In honor of the Facebook quiz, "Which crazy writer are you most like," I picked up The Road by Cormack McCarthy. I was most like Cormack McCarthy. :) In the book, a man and his young son are two of the very few people left on a post-apocalyptic earth. They are starving and McCarthy's writing is so vivid and pure that I was starving for them. I was so enmeshed in the lives of the two and so worried about their fate that I couldn't put the book down -- I read it in three sittings. After five days without food, they wander upon a field and find some dried apples. By the time they get there, I am so hungry for them that I can smell and taste the apples as if I were there. All McCarthy had to write was that they found some dry apples. I will never forget the smell and taste of those apples, and he never had to describe it. He just built the scent through anticipation. He uses this technique flawlessly throughout the book.
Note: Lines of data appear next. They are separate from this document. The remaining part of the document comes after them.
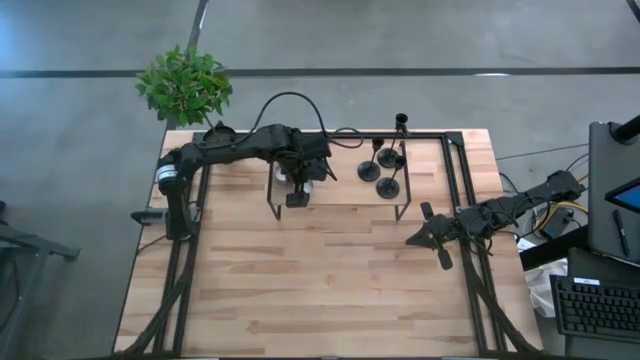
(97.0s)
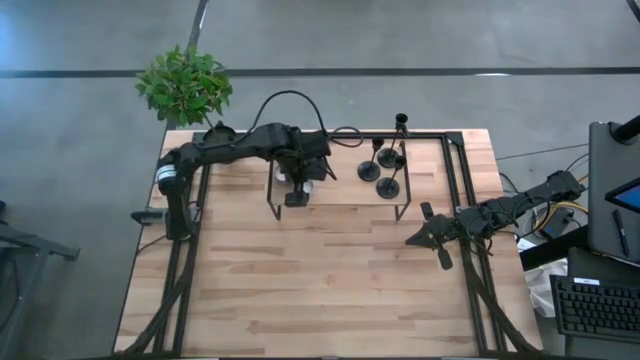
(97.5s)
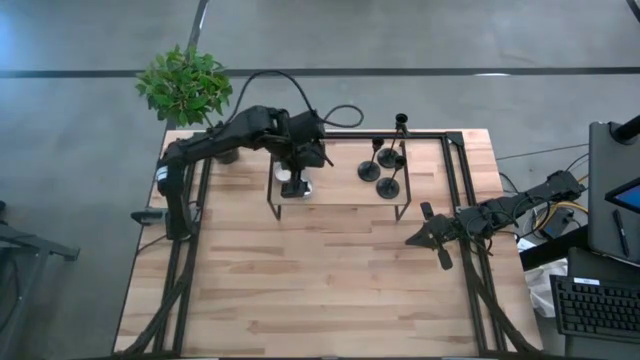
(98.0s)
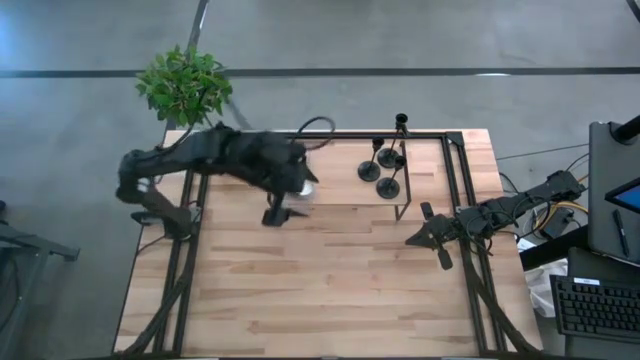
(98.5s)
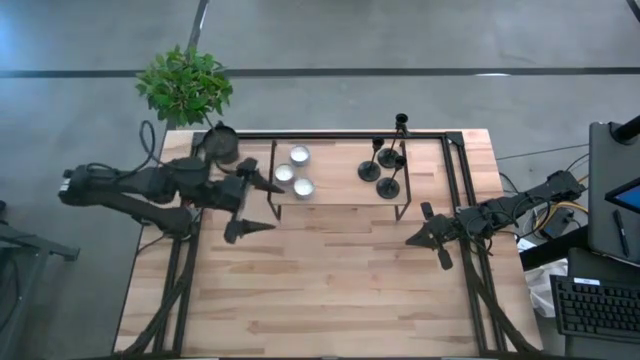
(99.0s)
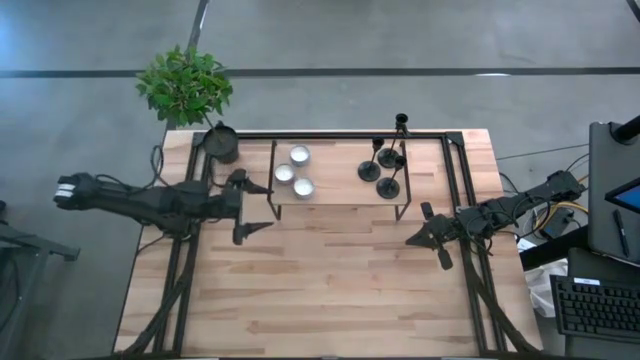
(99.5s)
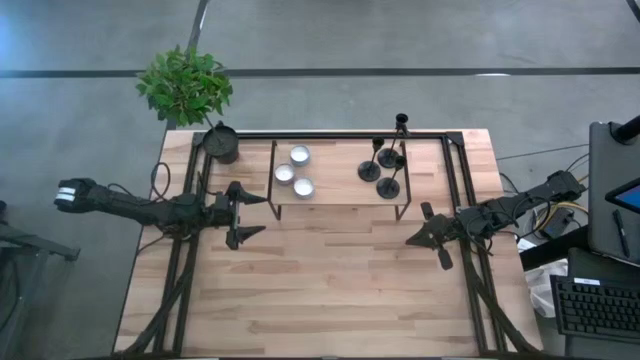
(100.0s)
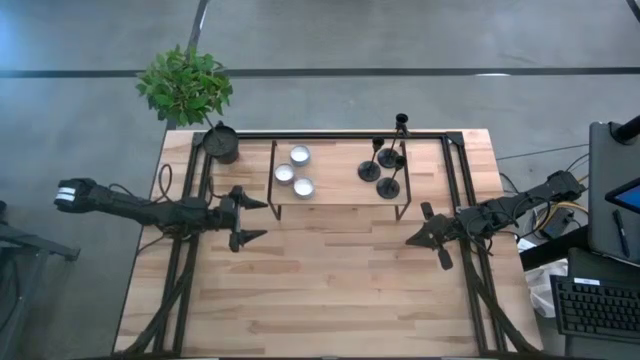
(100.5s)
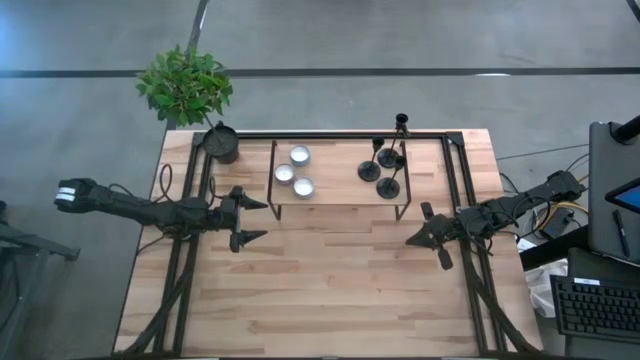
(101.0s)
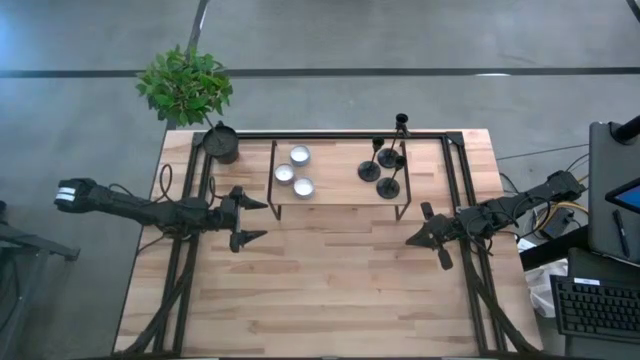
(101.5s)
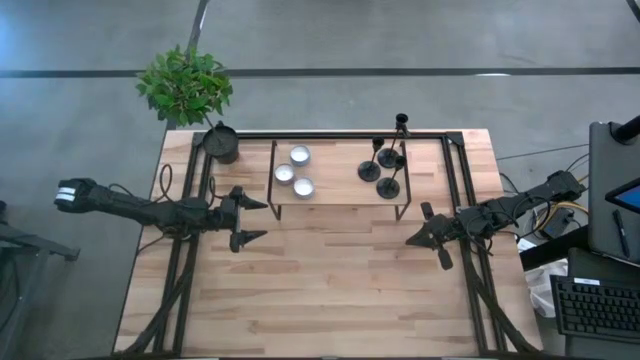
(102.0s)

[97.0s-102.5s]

How does scent capture you? Do simple scents conjure up distant memories? Are there books or stories vivid in your mind because of a scent the author described?

5 comments :

  1. Yvonne Blake said...

    HI Karen, I enjoy nature too. We live in the woods in Maine (only been in the 60's this month). Nice plug for CWG...smile!
    Keep posting your thoughts on here.

    yvonne

  2. Sue said...

    Where are you in the CWG course, Karen? I'm on Lesson 42 of the Apprenticeship course. My mentor just retired and I have a new mentor now which I'm finding difficult to switch at this late stage, but I'm trusting God knows all about it ;-)

    I will need to get out and sniff nature more... although in the City, there's not much "refreshing" to whiff ;-)

  3. Karen said...

    Bad spelling error -- thanks for catching "whiff" for me, Sue. I hate it when I mess up spelling.

    I'm on lesson 10. I'm usually working 2 or 3 lessons ahead, but I'm a little bogged down with this one and it's due in a week. I can't seem to get it just right.

    What a bummer to get a mentor shift near the end of the course. I would expect it moving from Apprentice to Journeyman. But, retirement is understandable too. I'm sure God has it all under control. Hang in there.

  4. Anonymous said...

    All this description of the hot, humid, weather - which makes me think of sweat - in all honestly is something I can miss. The hot and humid weather remind me of the messes we make in our life, life's little boiler pot's. The sweat is our stink of sin, yuck! Then God, in His amazing wisdom sends the rain and washes ALL clean. How blessed we are - it is called Amazing Grace. Because we could of become more putrid, but instead, the wonder nature smells become evident and we can walk in His presence.

  5. Karen said...

    T - You really should start a blog. Seriously. Let me know if you want to and I'll help.